* _To do_
Count the lines below with the string "grape" in them. Only the number should be given.

┄┄┄┄┄┄┄┄┄┄┄┄┄┄┄┄┄┄┄┄

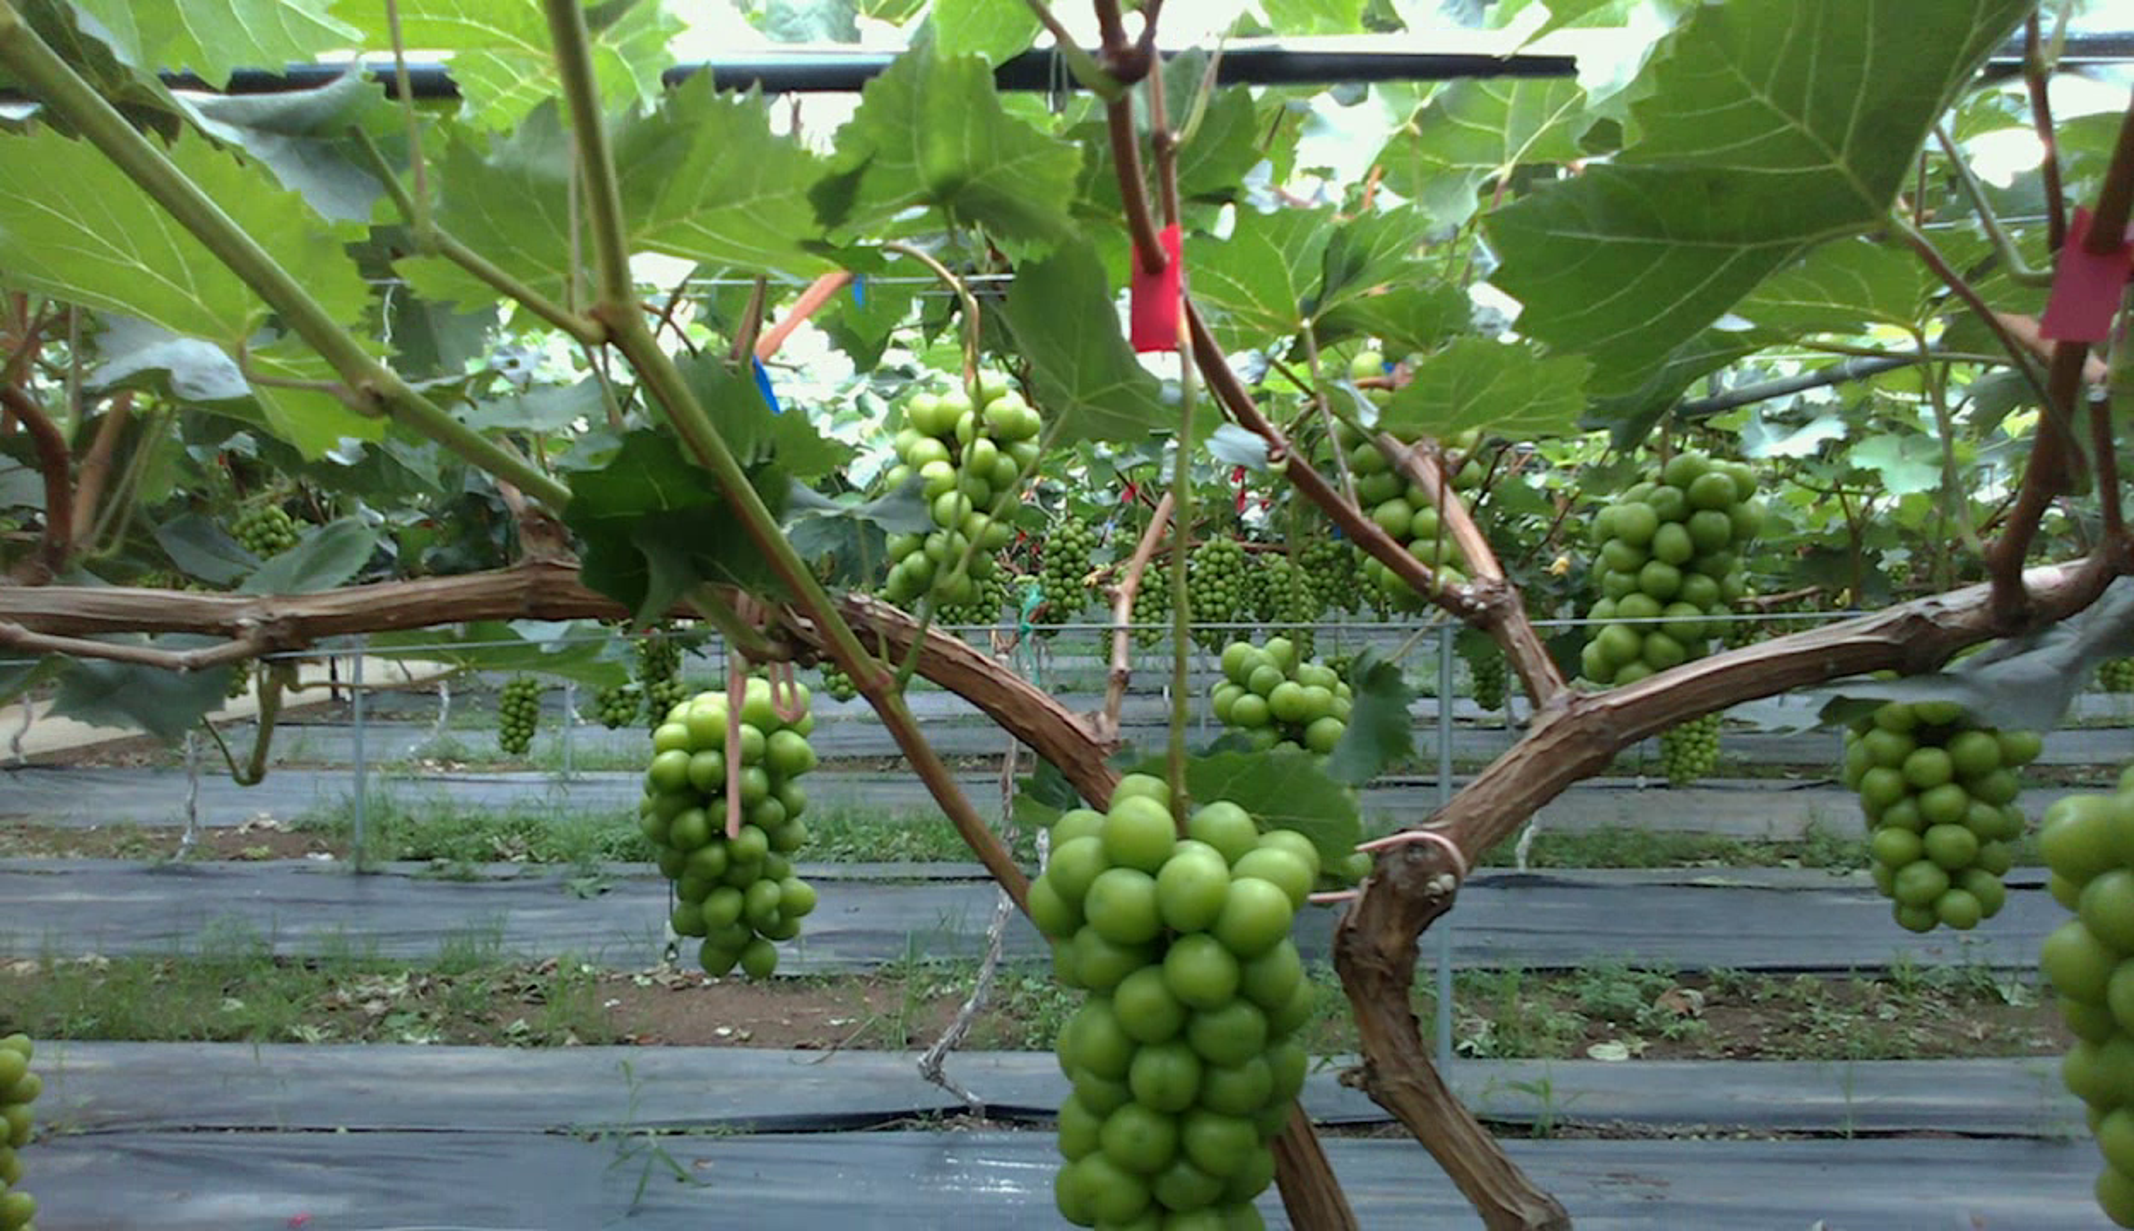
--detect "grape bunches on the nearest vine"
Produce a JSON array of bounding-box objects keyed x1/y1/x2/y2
[
  {"x1": 2038, "y1": 764, "x2": 2131, "y2": 1229},
  {"x1": 1029, "y1": 773, "x2": 1322, "y2": 1228}
]
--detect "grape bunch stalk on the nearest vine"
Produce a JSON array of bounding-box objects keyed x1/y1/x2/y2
[{"x1": 1168, "y1": 301, "x2": 1195, "y2": 843}]

┄┄┄┄┄┄┄┄┄┄┄┄┄┄┄┄┄┄┄┄

* _Solution to the exercise_
2